>>>>> "Chris" == Chris Evans <chrishold at
psyctc.org> writes:
Chris> I use R a great deal but the huge web crawling power of
Chris> it isn't an area I've used. I don't want to reinvent a
Chris> cyberwheel and I suspect someone has done what I want.
Chris> That is a program that would run once a day (easy for
Chris> me to set up as a cron task) and would crawl a single
Chris> root of a web site (mine) and get the file size and a
Chris> CRC or some similar check value for each page as pulled
Chris> off the site (and, obviously, I'd want it not to follow
Chris> off site links).
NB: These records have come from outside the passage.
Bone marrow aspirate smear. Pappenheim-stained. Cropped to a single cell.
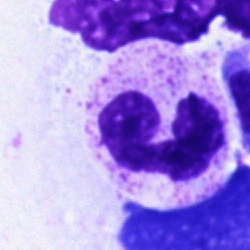 Cell — segmented neutrophil.
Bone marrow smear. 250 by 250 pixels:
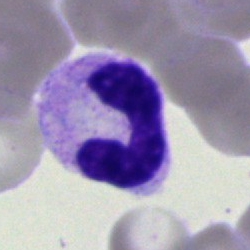
A polymorphonuclear neutrophil.
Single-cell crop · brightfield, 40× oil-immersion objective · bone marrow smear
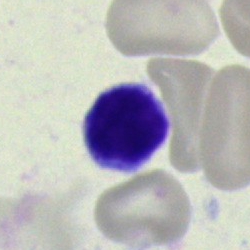

Cell: lymphocyte.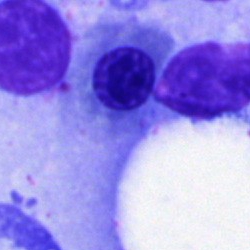

Morphology consistent with a nucleated red blood cell.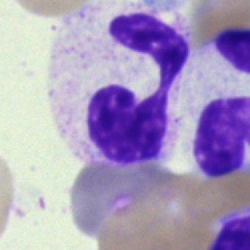Morphology — polymorphonuclear neutrophil.
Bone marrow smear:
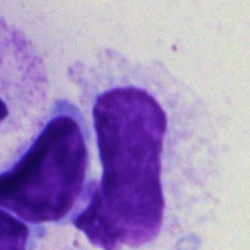

Cell — artifact.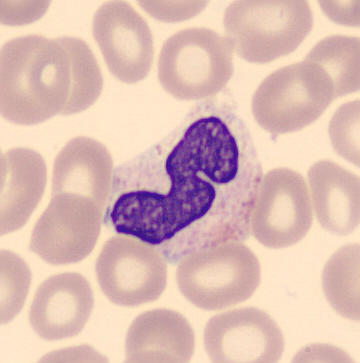

Preparation: Peripheral blood film.

Band-form neutrophil.
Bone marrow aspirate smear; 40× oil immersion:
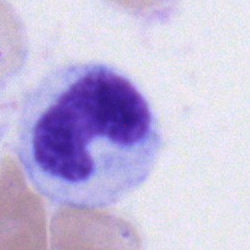 The morphological class is neutrophil (band).
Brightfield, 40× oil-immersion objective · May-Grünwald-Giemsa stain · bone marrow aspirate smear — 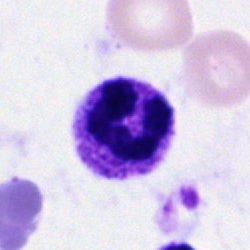
Segmented neutrophil.
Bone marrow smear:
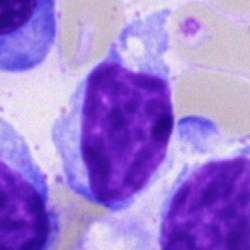Q: What cell is this?
A: This is a typical lymphocyte.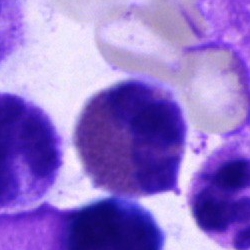 Cell type — eosinophilic granulocyte.
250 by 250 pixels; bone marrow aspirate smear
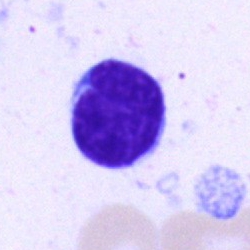

This is a lymphocyte.
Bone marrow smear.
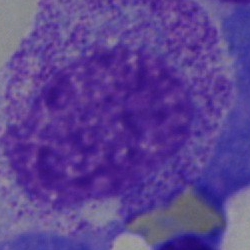

Cell: myelocyte.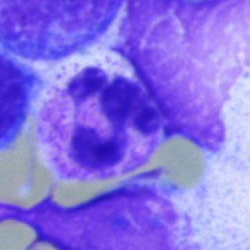Q: What cell is this?
A: Segmented neutrophil.
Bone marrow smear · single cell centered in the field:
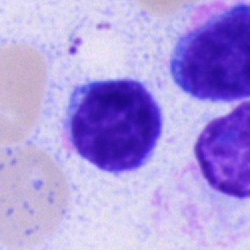

Specimen: bone marrow aspirate smear.
Cell: lymphocyte.
Lineage: lymphoid.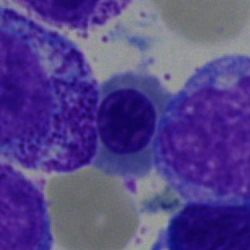 Impression → normoblast.
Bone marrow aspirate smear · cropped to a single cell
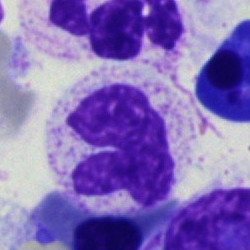{"cell_type": "segmented neutrophil"}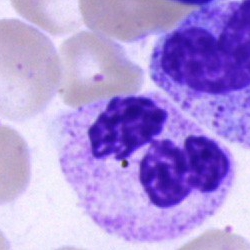 Specimen: bone marrow smear.
Morphological class: polymorphonuclear neutrophil.
Lineage: myeloid.
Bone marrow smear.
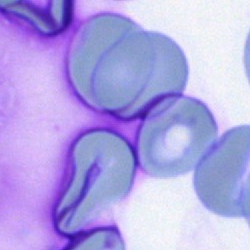 The morphological class is artifact.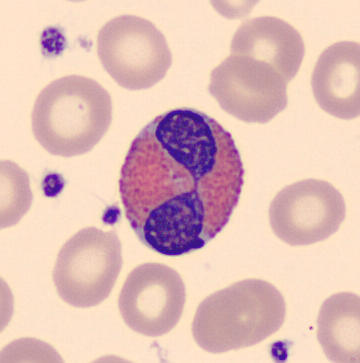Morphology — eosinophil.

Image: Peripheral blood smear.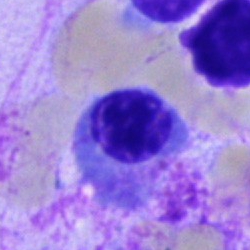Q: What type of cell is this?
A: An erythroblast.
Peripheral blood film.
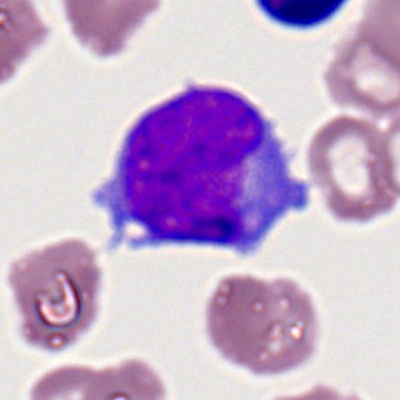
A monocyte.
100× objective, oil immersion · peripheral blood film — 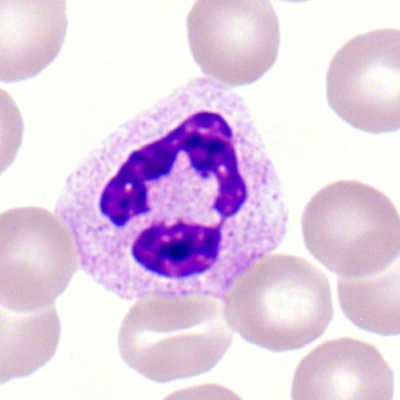
Polymorphonuclear neutrophil.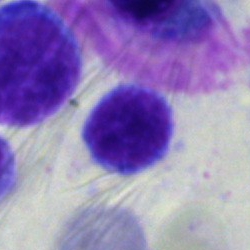 Q: What type of cell is this?
A: Lymphocyte.
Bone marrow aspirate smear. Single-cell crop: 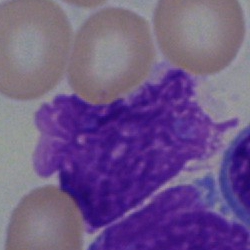Specimen: bone marrow smear.
Cell type: artifact.
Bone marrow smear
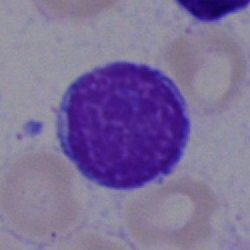
The cell shown is a typical lymphocyte.
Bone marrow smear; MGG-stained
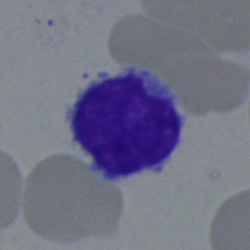Morphology consistent with a lymphocyte.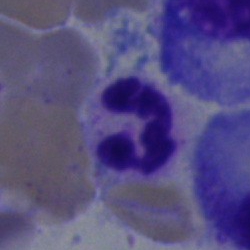
Specimen: bone marrow smear.
Classification: segmented neutrophil.
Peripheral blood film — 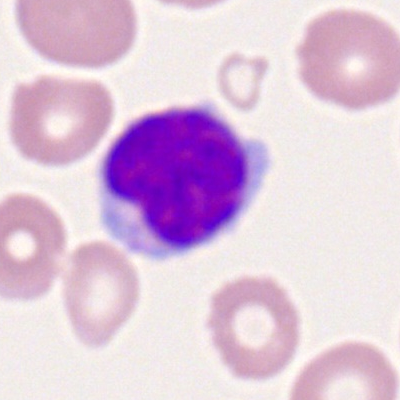

Morphological class = typical lymphocyte.
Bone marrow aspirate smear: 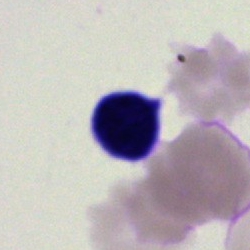Artefact.
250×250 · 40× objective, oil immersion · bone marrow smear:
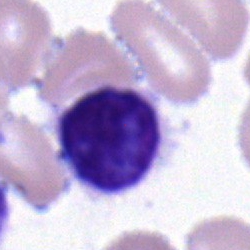 The cell shown is a lymphocyte.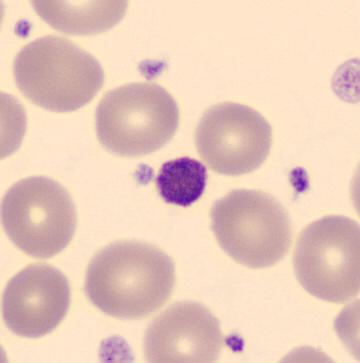
A platelet (thrombocyte). Peripheral blood film; 360×363.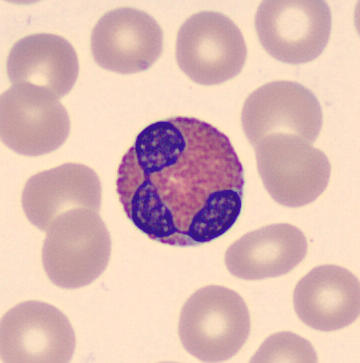
Q: Identify the cell.
A: It is an eosinophilic granulocyte.

Acquisition: Automated cell imaging (CellaVision DM96) · peripheral blood smear.
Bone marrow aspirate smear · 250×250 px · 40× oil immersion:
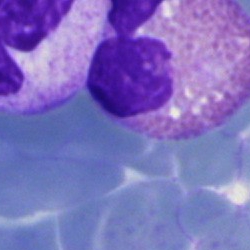
Cell = artifact.
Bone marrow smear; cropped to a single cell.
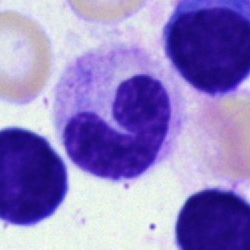
Stab cell.
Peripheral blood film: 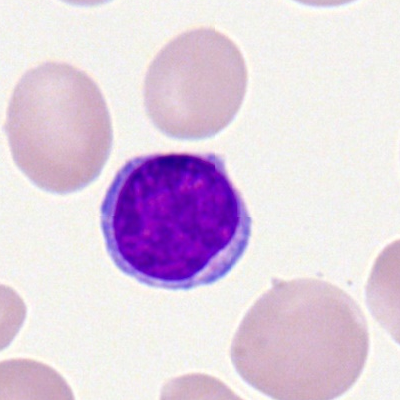 Classification: typical lymphocyte.
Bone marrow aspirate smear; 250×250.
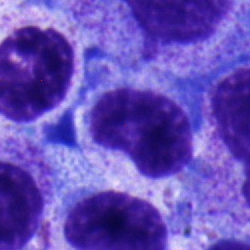

Morphology consistent with a metamyelocyte.
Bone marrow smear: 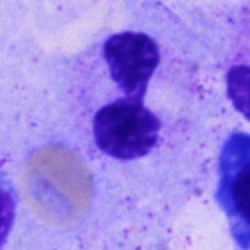
The cell shown is a polymorphonuclear neutrophil.
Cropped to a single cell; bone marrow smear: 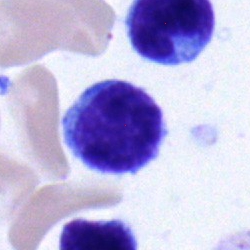
Q: Identify the cell.
A: It is a lymphocyte.
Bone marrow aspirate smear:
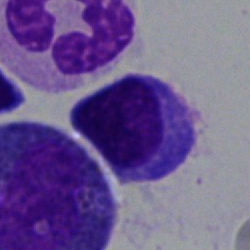
Q: Identify the cell.
A: This is a plasmacyte.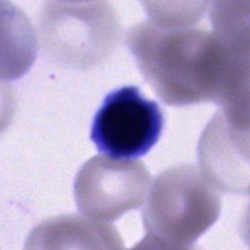
Unidentifiable cell.
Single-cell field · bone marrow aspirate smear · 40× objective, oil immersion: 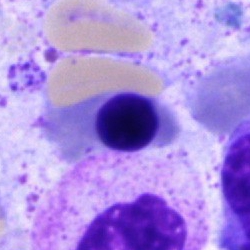Specimen: bone marrow smear.
Classification: erythroblast.
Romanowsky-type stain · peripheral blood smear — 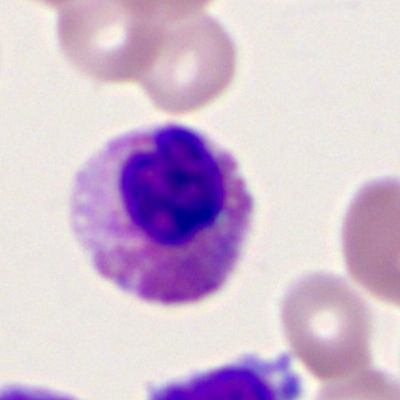Impression → eosinophilic granulocyte.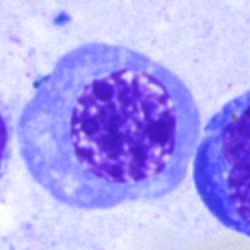

Single cell identified as a normoblast.
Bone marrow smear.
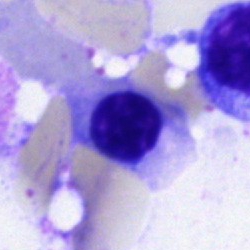Nucleated red cell.
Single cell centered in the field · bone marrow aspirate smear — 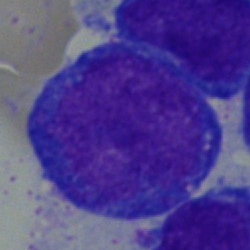 Cell type: blast cell.
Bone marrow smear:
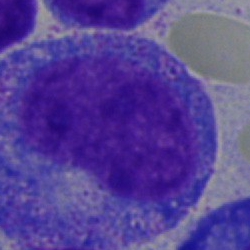 This is a promyelocyte.
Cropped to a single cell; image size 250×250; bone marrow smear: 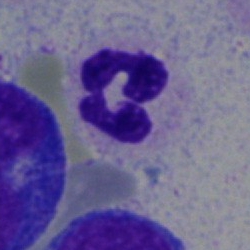
Cell — segmented neutrophil.
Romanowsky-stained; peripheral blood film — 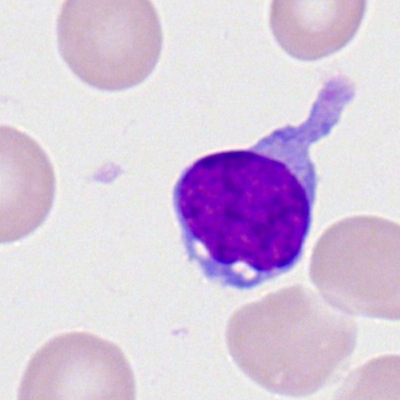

The other key thing would be for it to
Chris> store the values and URLs and be capable of being run
Chris> in "create/update database" mode or in "check
pages"
Chris> mode and for the change mode run to Email me a warning
Chris> if a page changes. The reason I want this is that two
Chris> of my sites have recently had content "disappear":
Chris> neither I nor the ISP can see what's happened and we
Chris> are lacking the very useful diagnostic of the date when
Chris> the change happened which might have mapped it some
Chris> component of WordPress, plugins or themes having
Chris> updated.
Chris> I am failing to find anything such and all the services
Chris> that offer site checking of this sort are prohibitively
Chris> expensive for me (my sites are zero income and either
Chris> personal or offering free utilities and information).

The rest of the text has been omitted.